# Does anyone ever get a wood that just doesn't burn?



## jzampier (Dec 9, 2012)

I've tried a "Fine Cut" apple chips/dust a handful of times and no matter what I mix it with, it just doesn't burn.  I've tried all the tricks and done all the modifications to my MES. I've never had problems with other woods either.  I have a MES40 and AMNPS.  I smoked a butt the other day and ended up just using chips in the chip tray which is a PITA as all MES owners know.  I can't remember if I got the wood from Todd or my dad got it for me from BBQ woods.com

Currently I'm smoking a Turkey for Family in town and am using Oak pellets as a base to allow a little air flow from the bottom and a mix of Hickory/Pecan dust on top.  I heated the pellets and dust up and lit them for quite a long time like I normally do.  TBS is great.

What gives?


----------



## pike2 (Dec 9, 2012)

on the AMNPS website it says if the wood doesnt lite   take a cup of the wood dust or pellets and nuke it for a minute


----------



## tjohnson (Dec 9, 2012)

Post a pic of your Apple Chips

I can tell you if they're too coarse or not

You want sawdust about the size of the material that comes off a table saw or miter saw

If your Dad got the chips from BBQWoods.com, it's too coarse

Are pellets not working?

Todd


----------



## jzampier (Dec 9, 2012)

Pellets work fine.
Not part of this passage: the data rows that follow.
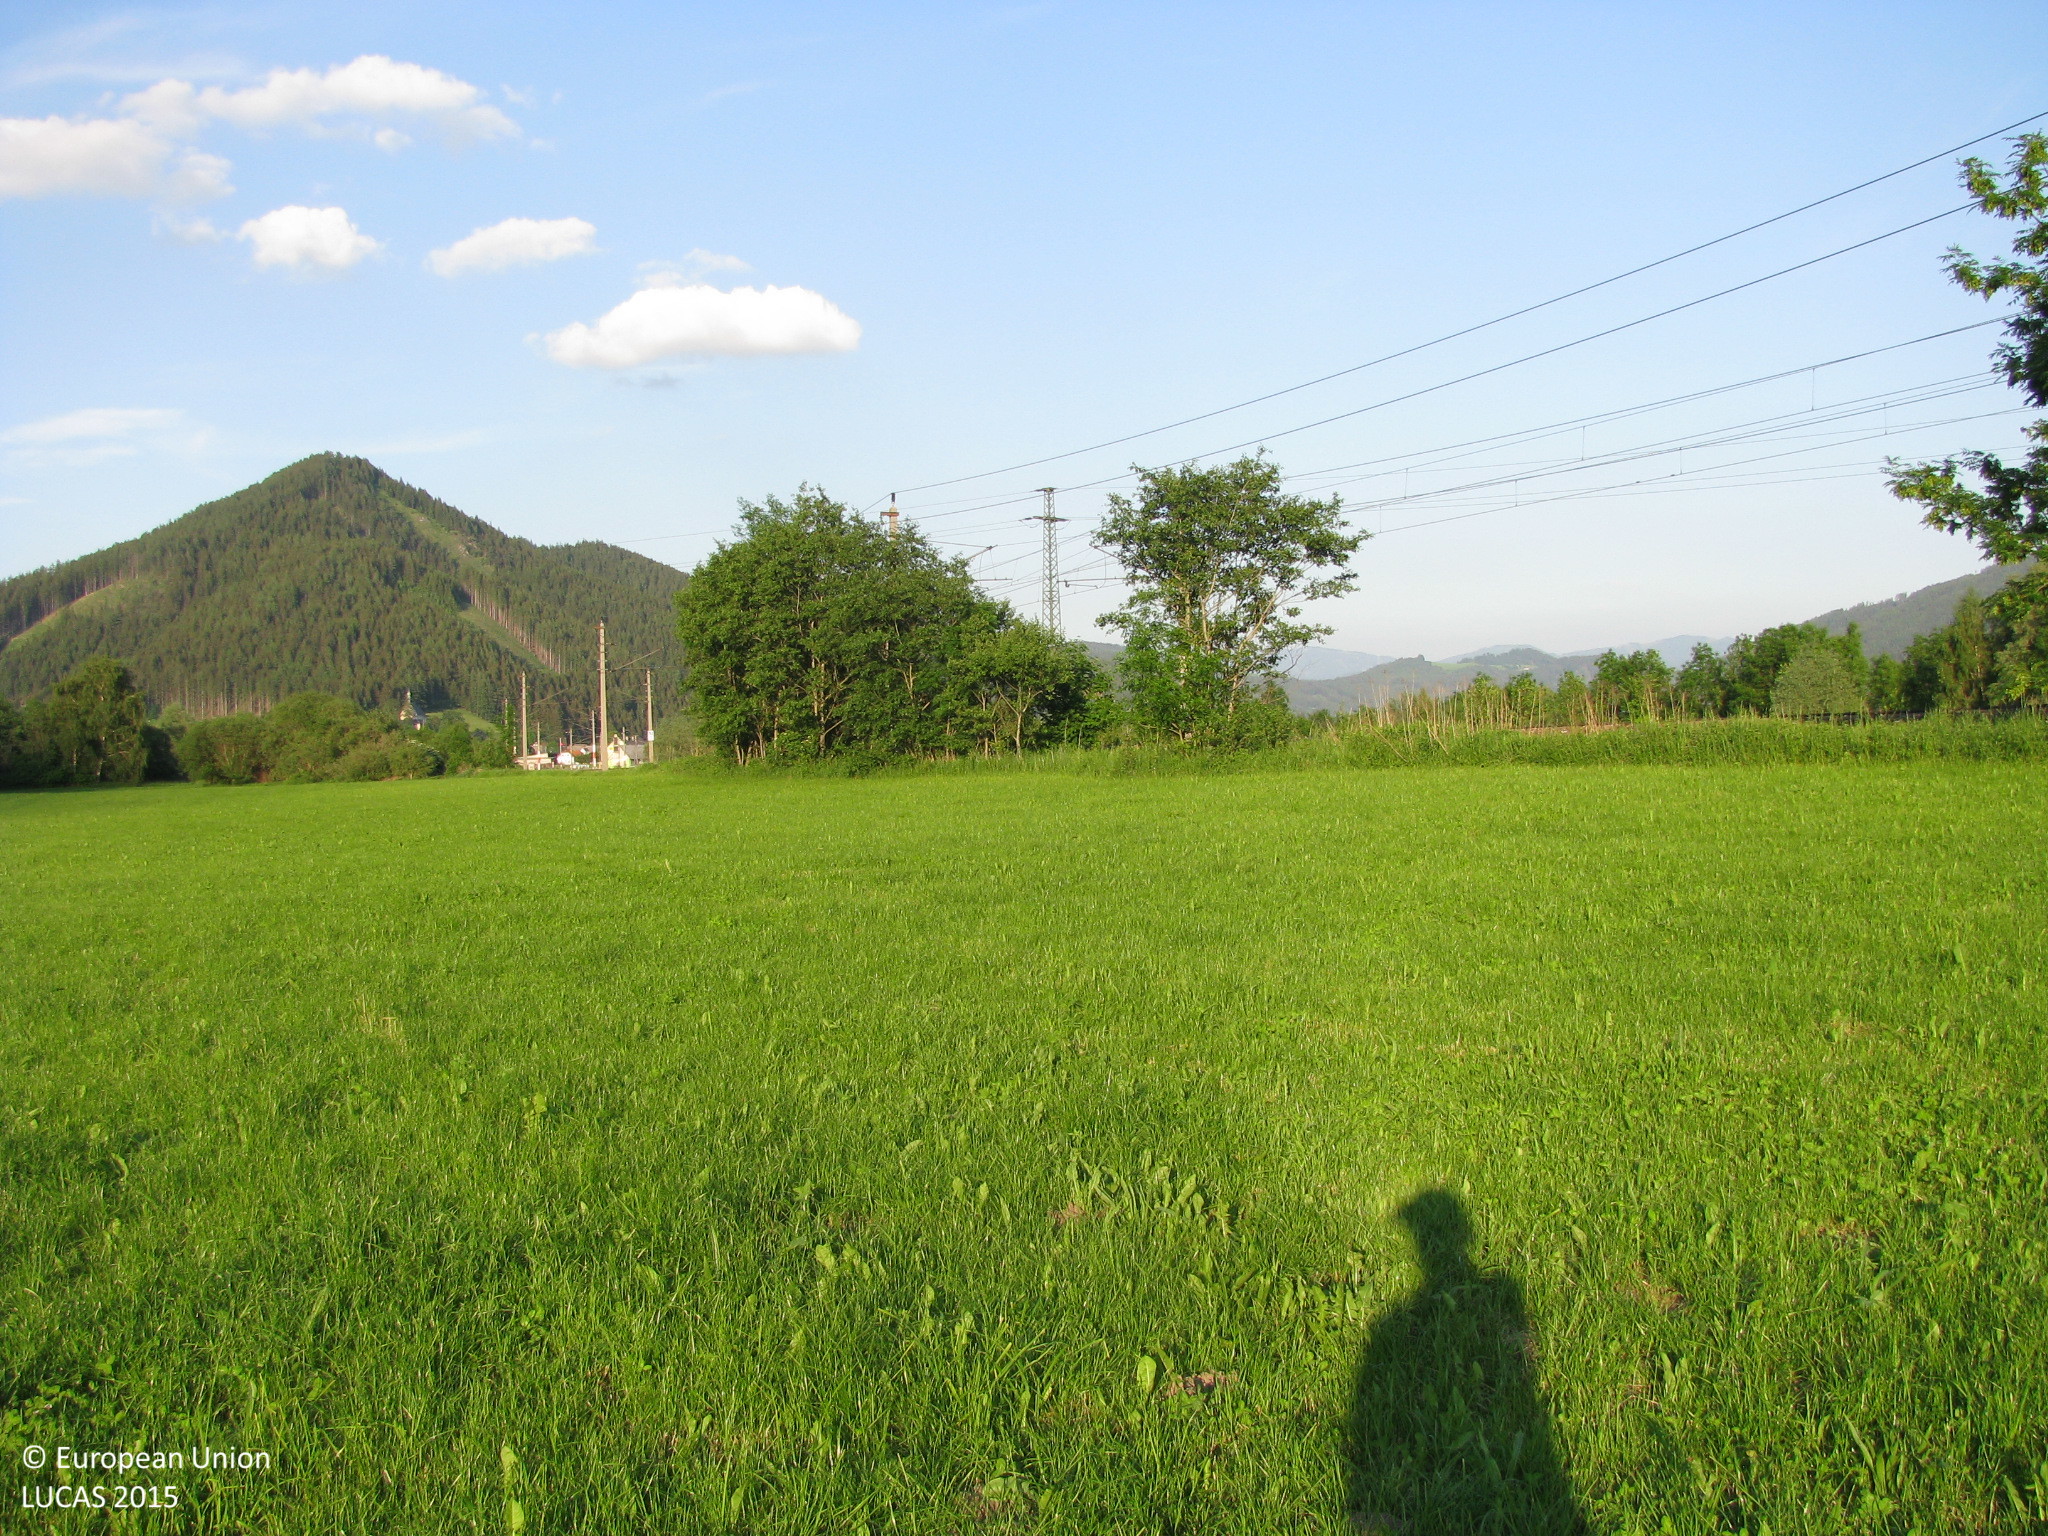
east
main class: Grassland
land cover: Grassland without tree/shrub cover
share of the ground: > 75 %
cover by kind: herbaceous plants 100 %
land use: Agriculture (excluding fallow land and kitchen gardens)
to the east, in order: Grassland without tree/shrub cover; Spontaneously vegetated surfaces; Electric lines; Railways; Spontaneously vegetated surfaces
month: June
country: AT
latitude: 47.3927
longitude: 14.9147

You sent the oak pellets with the bourbon barrel I bought some time ago. Used the pellets today with no probs. nuked them all and had no issues. Nuked the apple and no dice. The oak/pecan/hickory gave me fits today and I think it's an airflow issue too.


----------



## jzampier (Dec 10, 2012)

This is from BBQ woods.  I've gone as far as placing apple wood chips underneath some of the dust I've used and had good success as well but it doesn't last very long.  Played around with it yesterday using the oak/pecan/hickory.  Noticed that if its away from the element, even a few inches its not staying lit.  I put the tray, touching the chip box and it stayed lit well after the turkey was done and burned all the way through.  Its like I need a fan in there; I've been researching this for some time too. 

My smoker is in a small back yard, a little away from my fence.  I have a fan on my patio that I turn on as well when I'm having trouble. 

Todd, I even told my dad to buy from you, two years in a row and he continues to go elsewhere.  He just sent me 10lbs of mix stuff from charcoal store, and its chips.  So thats going back, going to return it and pick up some stuff from you.  They don't have dust, only pellets or Fine/Medium/Course or Chunks.  I'm gonna do some fatties again today so I hope I can figure this out. This looks bigger than what it is but clearly its Fine Chips. 













Apple Chips.JPG



__ jzampier
__ Dec 10, 2012


----------



## tjohnson (Dec 10, 2012)

If pellets work fine, then why you screwing around with dust or chips?

Go see the guys at BBQ Island

They got HUGE bags of pellets for cheap

Tell Mike I sent you in!

The chips you have are way too coarse, and not kiln dried.  The moisture content is probably 20% because the wood is only air dried. 

Todd


----------



## jzampier (Dec 10, 2012)

The only pellets I have are Oak that you sent when I ordered the Bourbon barrel.  Just tried them the other day and they worked alright.  If I put my tray next to the chip box it seems to stay burning.  Doing some fatties now and when the smoker turned off, the tray went out and I have just alder from you in there.  Refired the smoker up because I wasn't quite up to temp in the fatties and re lit the tray and its going good right now.  Not sure what to do really.  I'll check out BBQ Island.  Thanks


----------